Therapeutic hypothermia is used in some clinics for neuroprotection, for example, in hypoxic-ischemic brain damage of newborns or after head injuries, strokes, and adult heart surgery. Here, the measurement of a biomarker (RBM3) is used to monitor therapeutic success. RBM3 is an RNA-binding protein whose gene is activated when body temperature drops below a certain level (e.g., in marmots during hibernation). The brain then goes into a month-long energy-saving mode and is apparently protected via RBM3, which is therefore also known as a cold shock protein.

Since induced cooling in humans requires intensive care and has a not insignificant risk of blood clots, pneumonia and other complications, inducing RBM3 without hypothermia could provide an alternative neuroprotective treatment that might be applicable to Alzheimer's disease and other neurodegenerative disorders.

A research group led by biochemist Florian Heyd of the Institute of Chemistry and Biochemistry at Freie Universität Berlin has now developed a molecular biological method to turn on the RBM3 gene. Together with neuroscientists at the University of Cambridge, the biochemists investigated the role of RBM3 in young mice that produce harmful proteins (known as prions) in the brain and subsequently develop neurodegeneration similar to Creutzfeldt-Jakob disease. If these animals are temporarily cooled, they are later protected from the prions for many weeks at normal body temperature. In contrast, neurodegeneration was enhanced in animals not expressing RBM3.

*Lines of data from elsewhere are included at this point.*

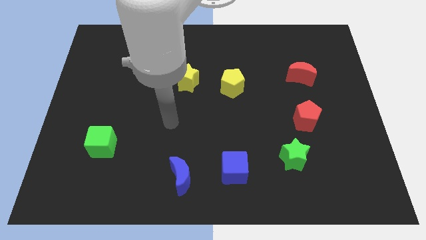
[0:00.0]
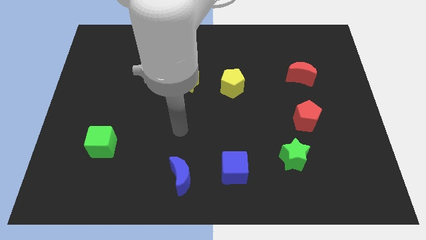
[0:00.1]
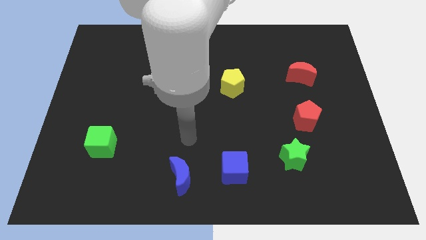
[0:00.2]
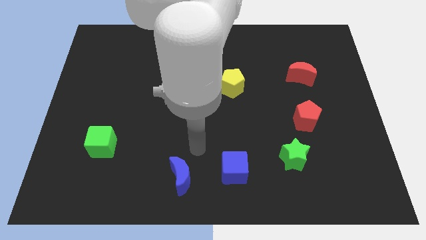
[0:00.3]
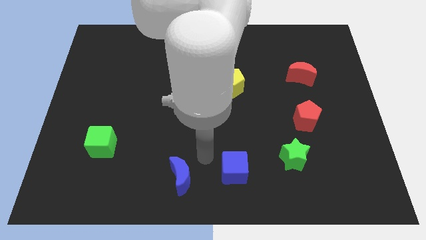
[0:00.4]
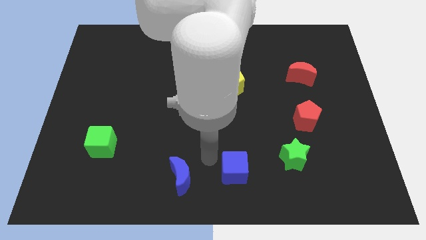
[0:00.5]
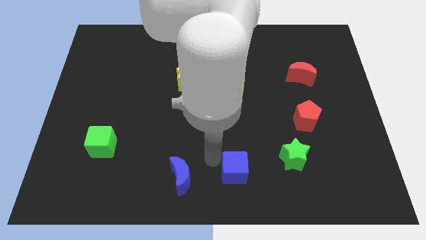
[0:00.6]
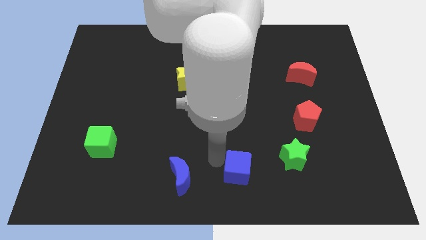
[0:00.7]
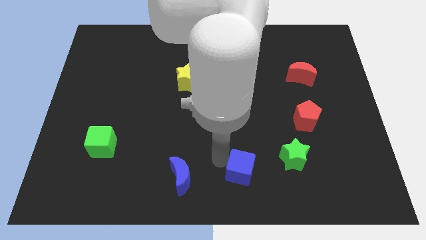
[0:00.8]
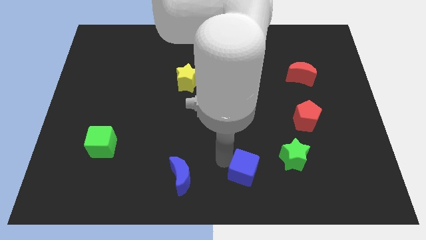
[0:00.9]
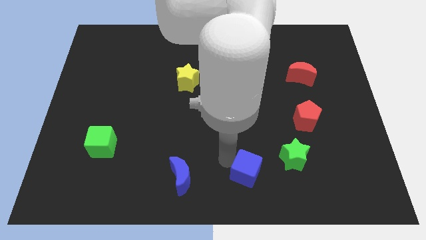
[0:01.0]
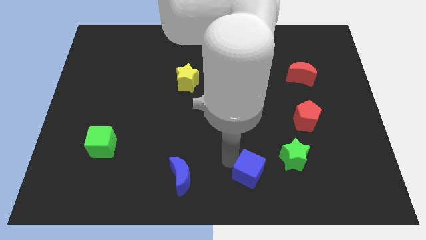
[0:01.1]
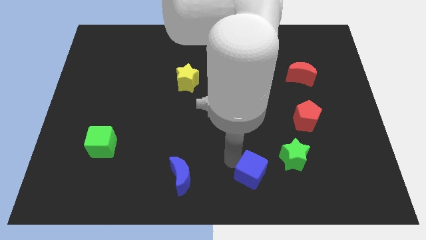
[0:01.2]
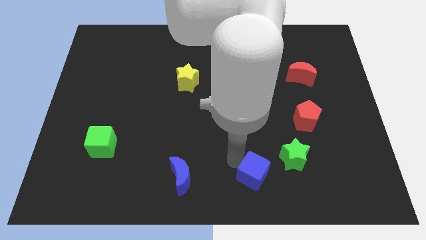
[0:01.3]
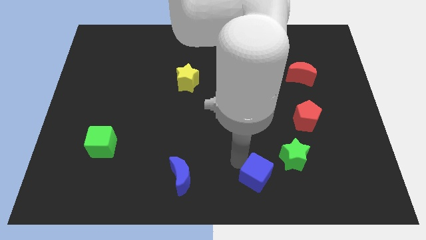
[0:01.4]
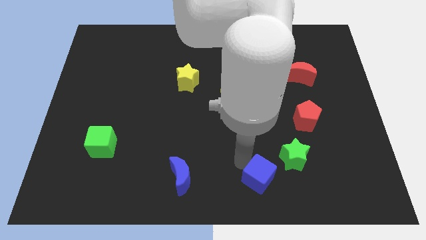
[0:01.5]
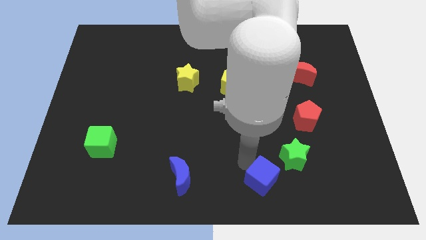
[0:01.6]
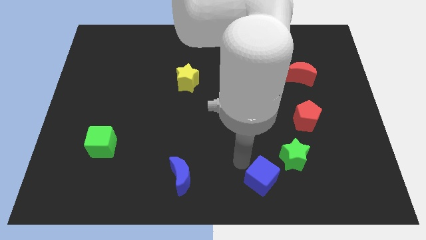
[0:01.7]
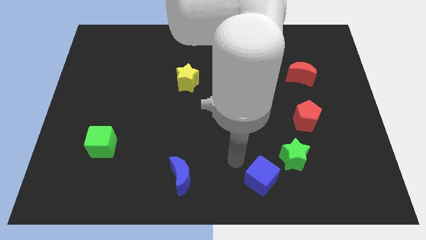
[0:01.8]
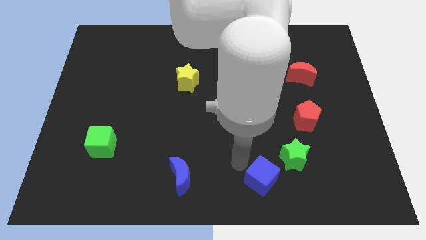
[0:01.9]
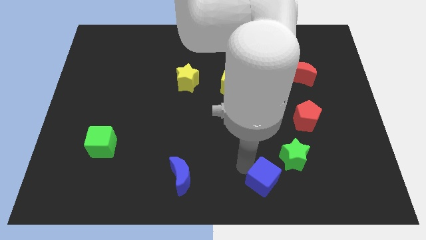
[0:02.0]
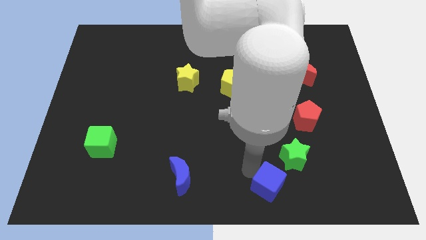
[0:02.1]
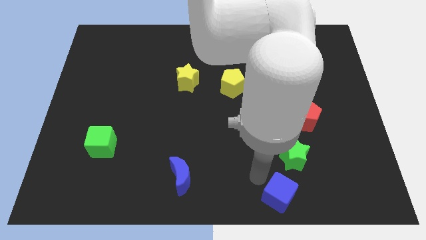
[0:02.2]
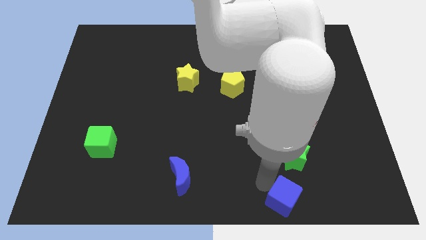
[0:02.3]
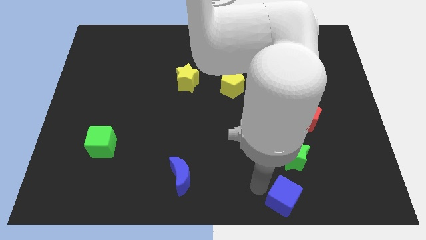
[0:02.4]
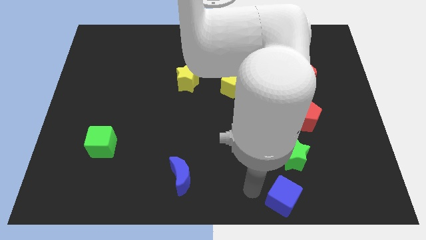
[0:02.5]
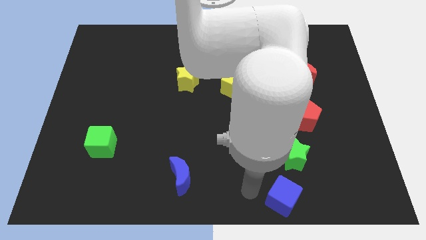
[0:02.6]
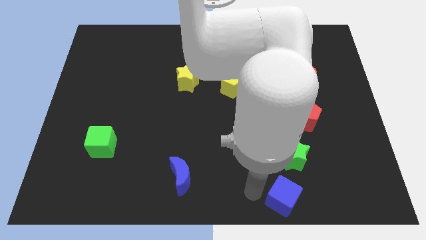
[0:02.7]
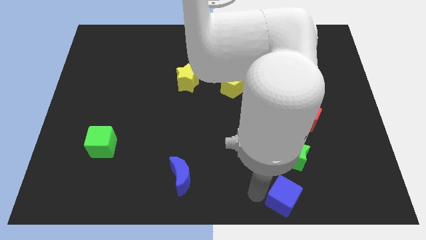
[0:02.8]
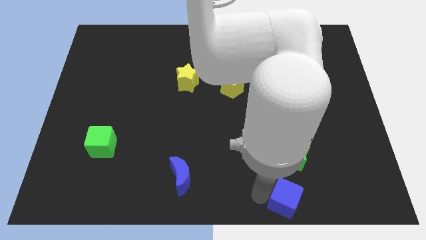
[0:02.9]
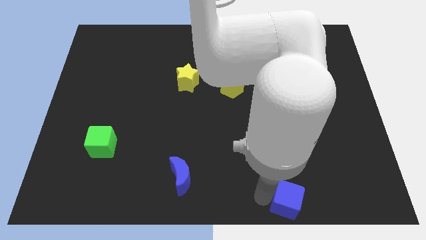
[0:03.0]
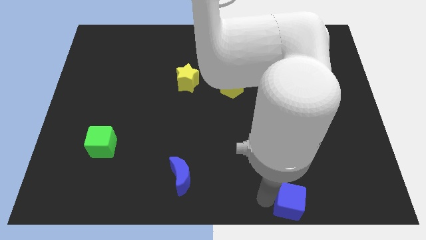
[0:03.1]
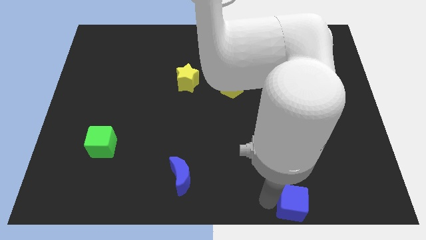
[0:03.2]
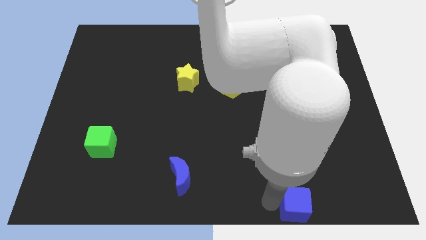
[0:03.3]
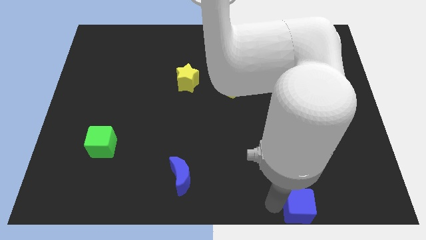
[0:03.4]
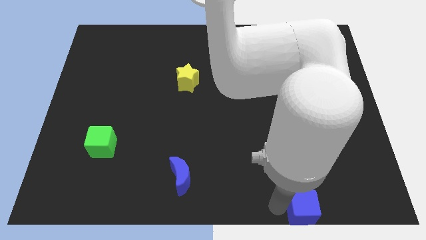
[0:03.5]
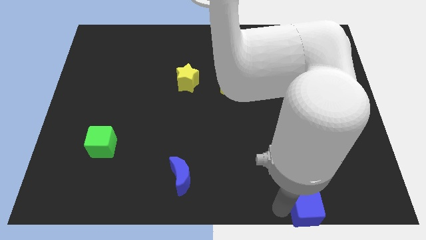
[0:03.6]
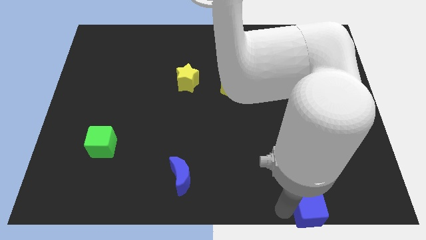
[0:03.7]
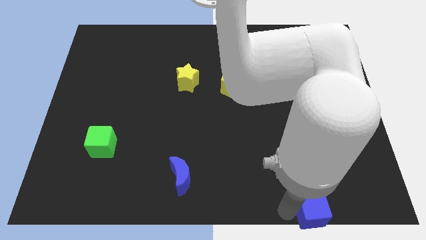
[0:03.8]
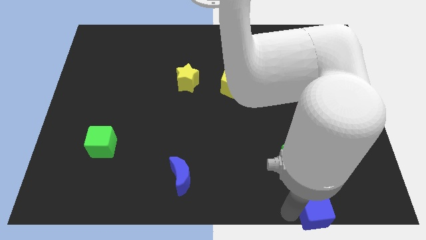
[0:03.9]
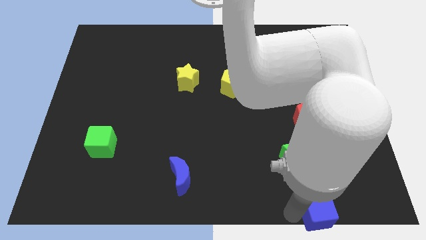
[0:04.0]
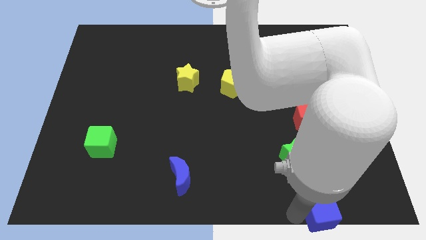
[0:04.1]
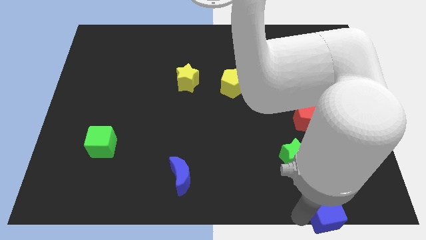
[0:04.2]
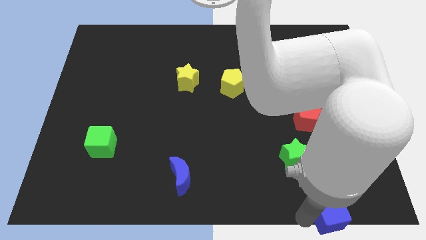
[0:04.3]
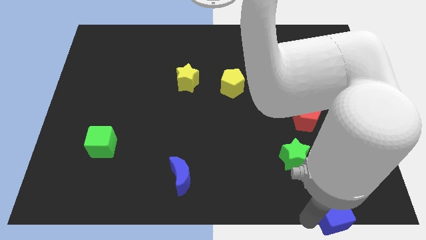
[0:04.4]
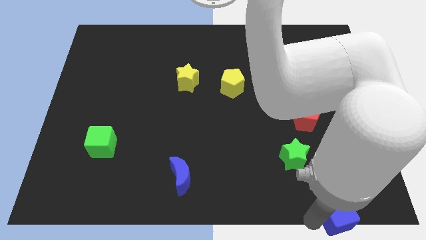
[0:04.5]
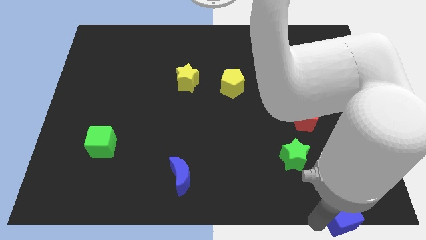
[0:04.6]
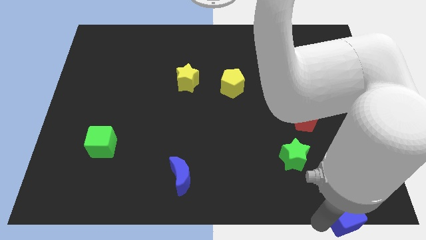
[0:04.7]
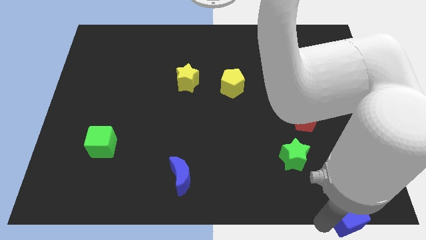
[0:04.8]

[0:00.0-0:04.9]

In further experiments, they used genetic manipulation to get the mice to produce the cold shock protein at normal body temperature. This also delayed prion disease. To elicit the beneficial effect of lower body temperature without lowering body temperature, the authors developed a method, recently published in EMBO Molecular Medicine, to turn on the RBM3 gene. This involves injecting a specific antisense oligonucleotide (ASO) that interferes with the genetic regulation of the RBM3 gene and only needs to be given once to produce a long-term beneficial effect (by regulating so-called RNA splicing, which I described in my blog post of 07/20/2013).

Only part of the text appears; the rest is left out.